À propos de Serge Bouillon, par Michel Juncar
Quand Serge Bouillon veut vous demander l'impossible, il vous dit qu'il ne veut rien. Rien, pour lui, c'est tout ; et encore bien d'avantage.
Les grandes idées, comme les grandes perspectives doivent s'exprimer avec des riens.
La mise en scène ? Il souhaite qu'on ne la voit pas. Il aime les plateaux sans décors, où des palais aux lignes pures et somptueuses seraient suggérés par des lumières invisibles.
Avec lui, on en fait toujours trop mais on ne s'exprime jamais assez.
Les auteurs eux-mêmes n'échappent pas à son travail de vivisection.
Il n'accepte leurs mots qu'en tant que support de la pensée cachée.
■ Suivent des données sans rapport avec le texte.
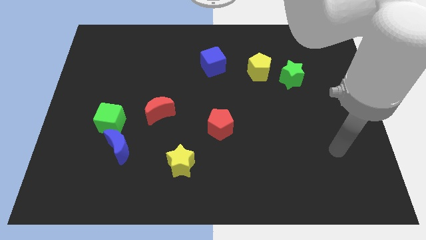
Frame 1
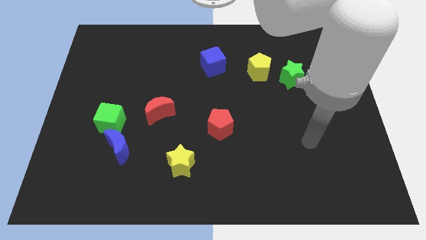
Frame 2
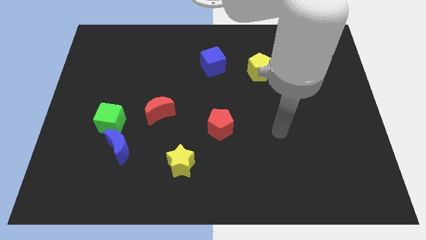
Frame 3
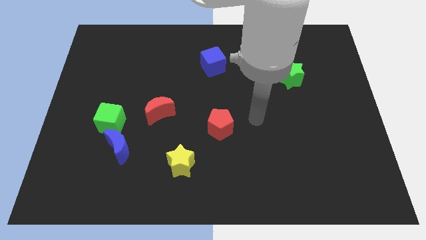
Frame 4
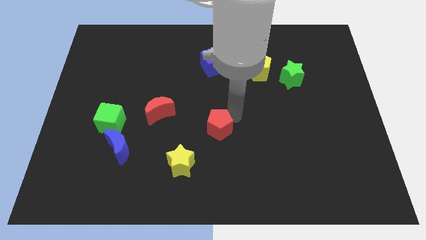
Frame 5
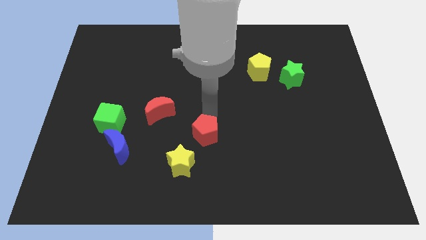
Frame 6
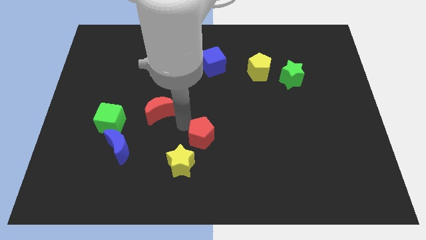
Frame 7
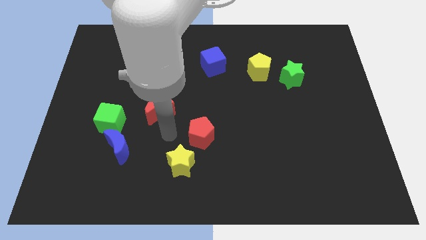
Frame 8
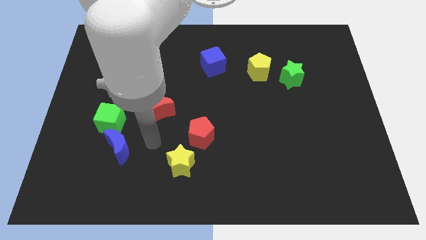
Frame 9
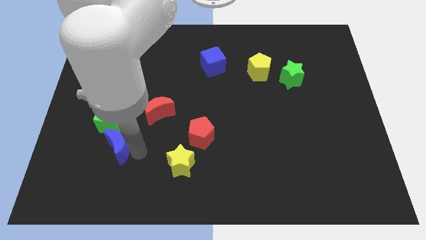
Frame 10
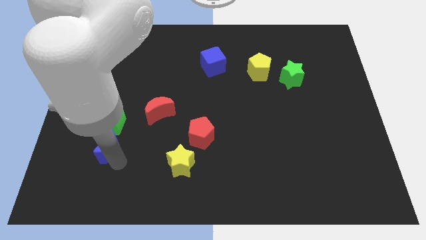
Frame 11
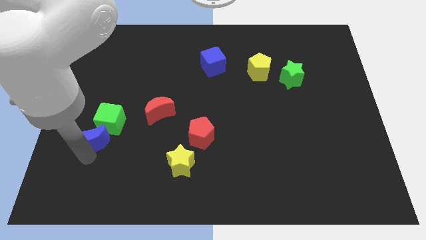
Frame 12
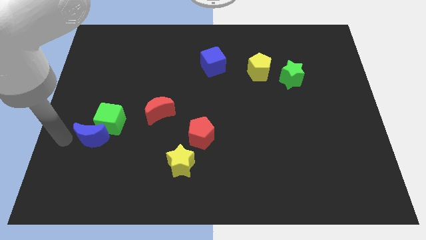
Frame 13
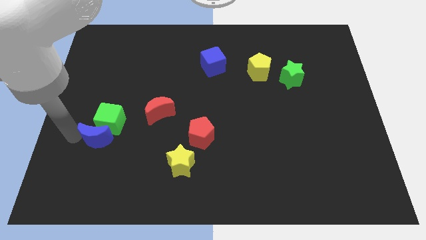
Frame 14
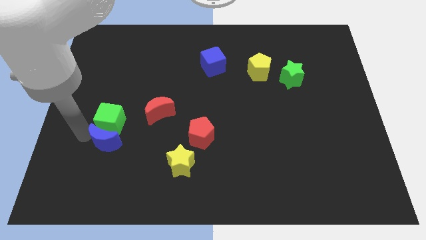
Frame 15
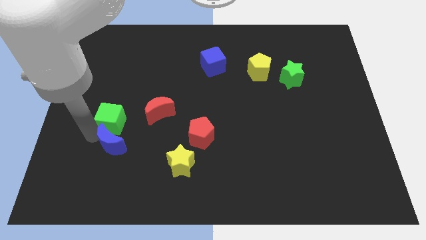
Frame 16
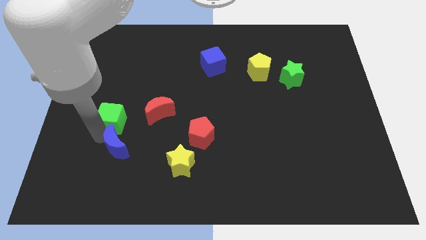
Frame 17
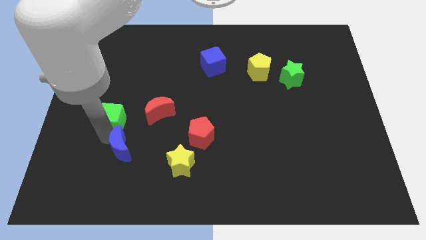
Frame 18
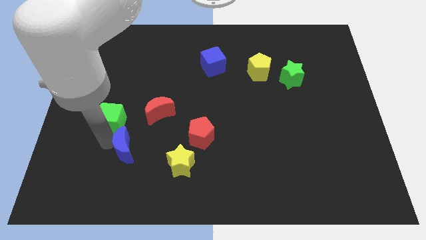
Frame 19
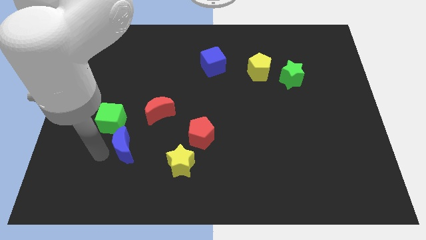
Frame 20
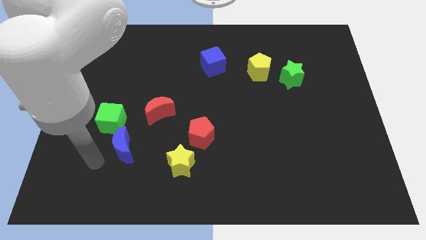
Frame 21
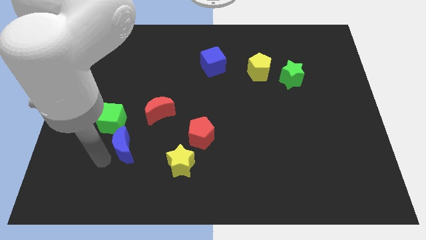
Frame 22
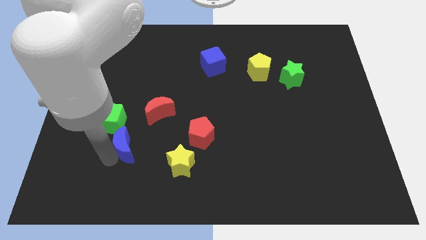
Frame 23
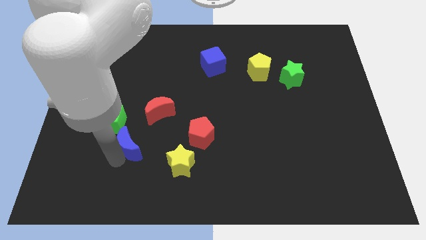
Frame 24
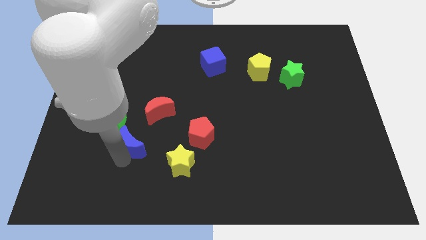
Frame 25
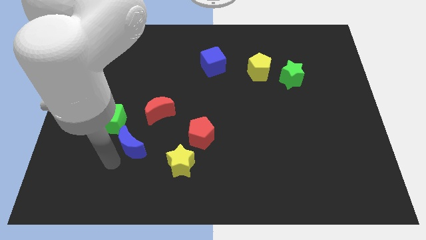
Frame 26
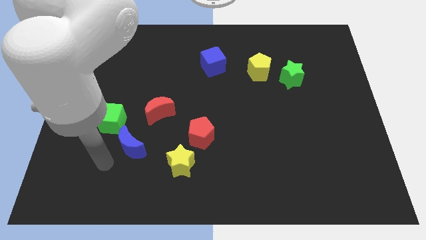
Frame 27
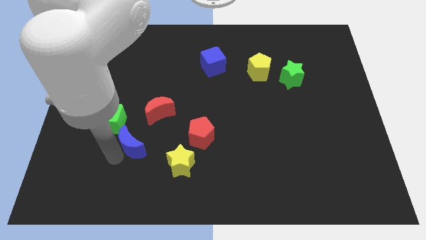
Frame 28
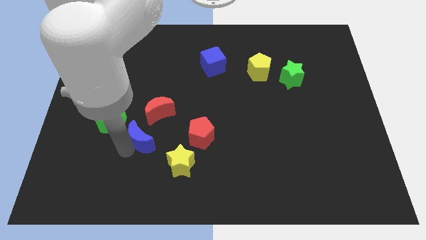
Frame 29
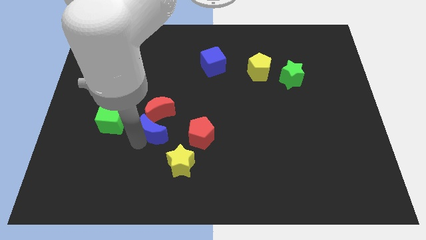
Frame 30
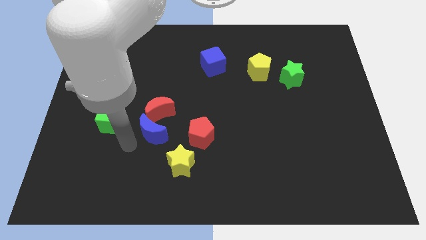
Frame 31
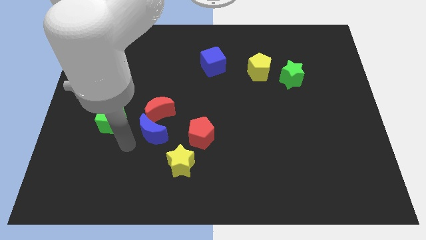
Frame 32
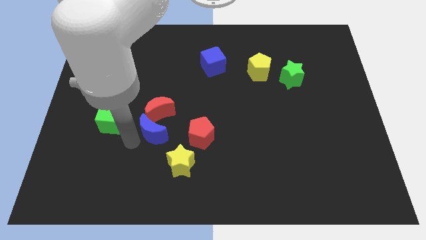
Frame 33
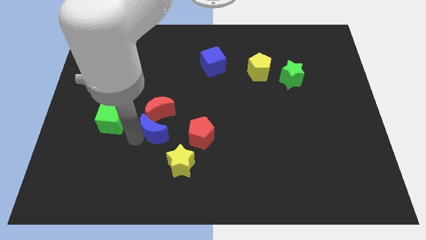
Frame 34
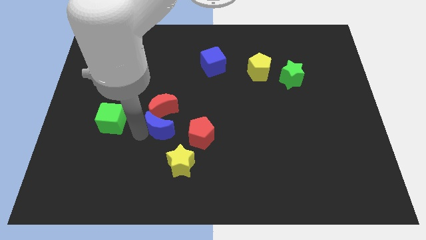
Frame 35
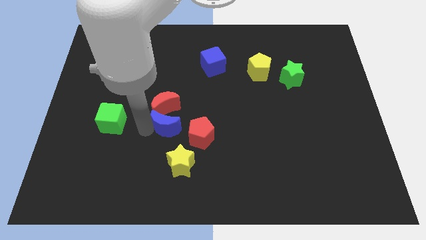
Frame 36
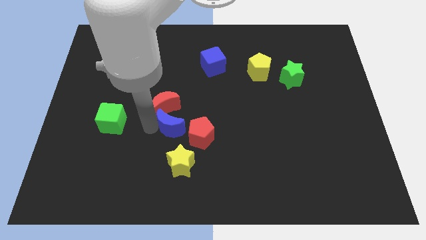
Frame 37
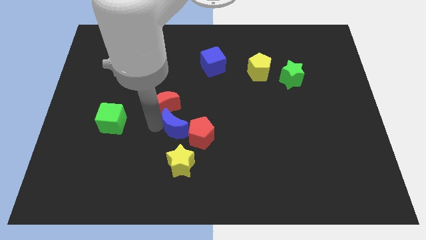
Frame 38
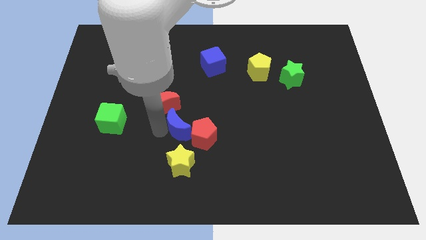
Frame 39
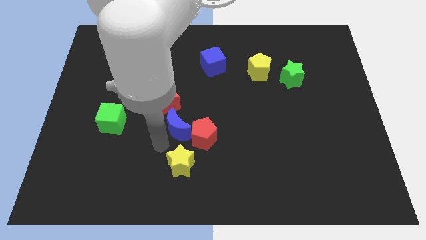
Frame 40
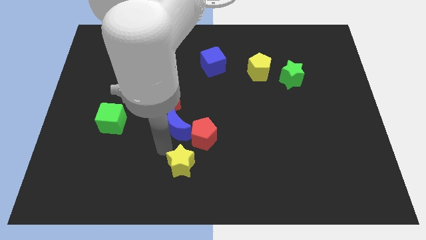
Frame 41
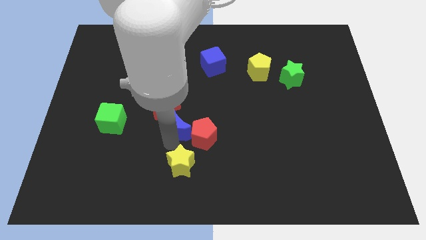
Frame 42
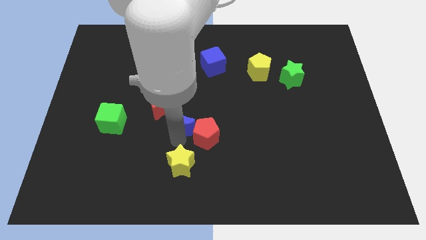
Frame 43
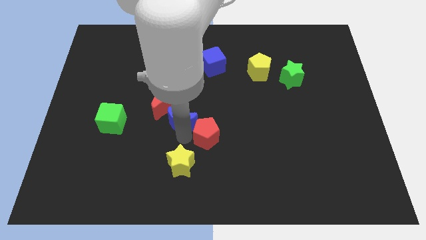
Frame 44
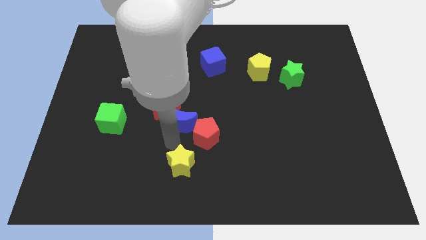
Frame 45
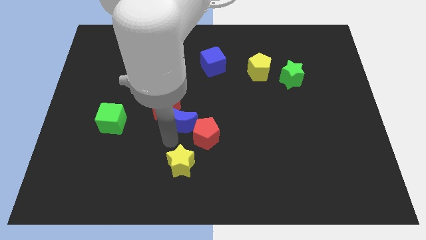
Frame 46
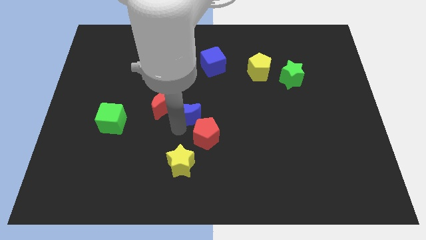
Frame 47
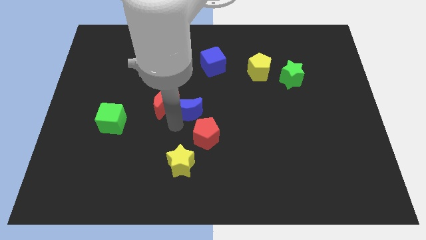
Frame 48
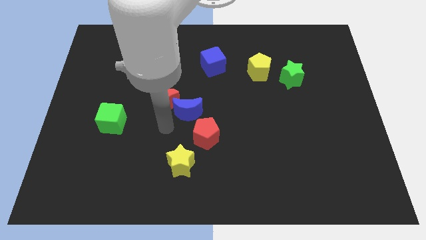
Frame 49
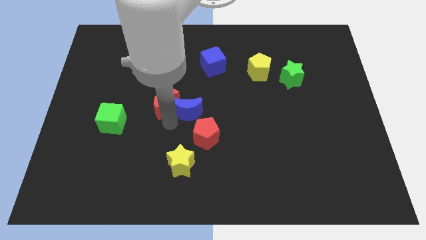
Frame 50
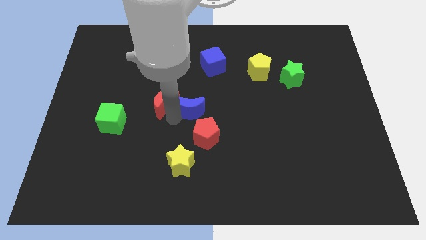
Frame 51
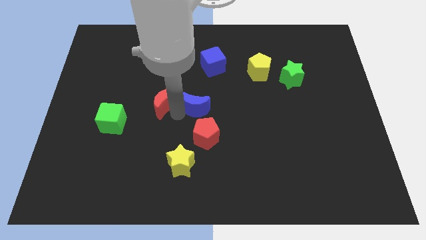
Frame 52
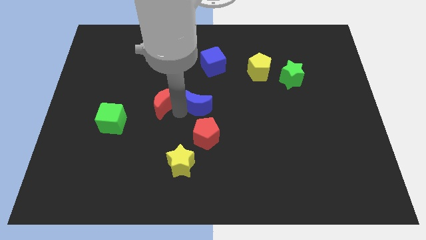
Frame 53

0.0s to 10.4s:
move the blue moon to the bottom of the blue cube

Le pire, c'est qu'en fin de compte, il fait dire aux comédiens non pas ce qu'il pense lui-même, mais bien ce que l'auteur voulait garder pour lui.
On vous dira qu'il a animé des marionnettes ?
Que vous importe.
Qu'il a été comédien ?
Il fait tout pour l'oublier.
Qu'il a déjà mis en scène telle ou telle pièce ?
Ce n'est pas vrai. Chaque spectacle lui donne l'occasion de mettre en scène pour la première fois.
D'ailleurs, il vous expliquera qu'une mise en scène, pour être efficace, ne doit pasêtre une mise en scène, qu'un comédien ne doit pas être un comédien, qu'un décorateur doit sacrifier tout ce qui fait l'agrément visuel des décors.
Il recherche la perfection en éliminant les détails.
Des riens, des riens, des riens.
C'est fou ce que Serge Bouillon peut faire avec des riens.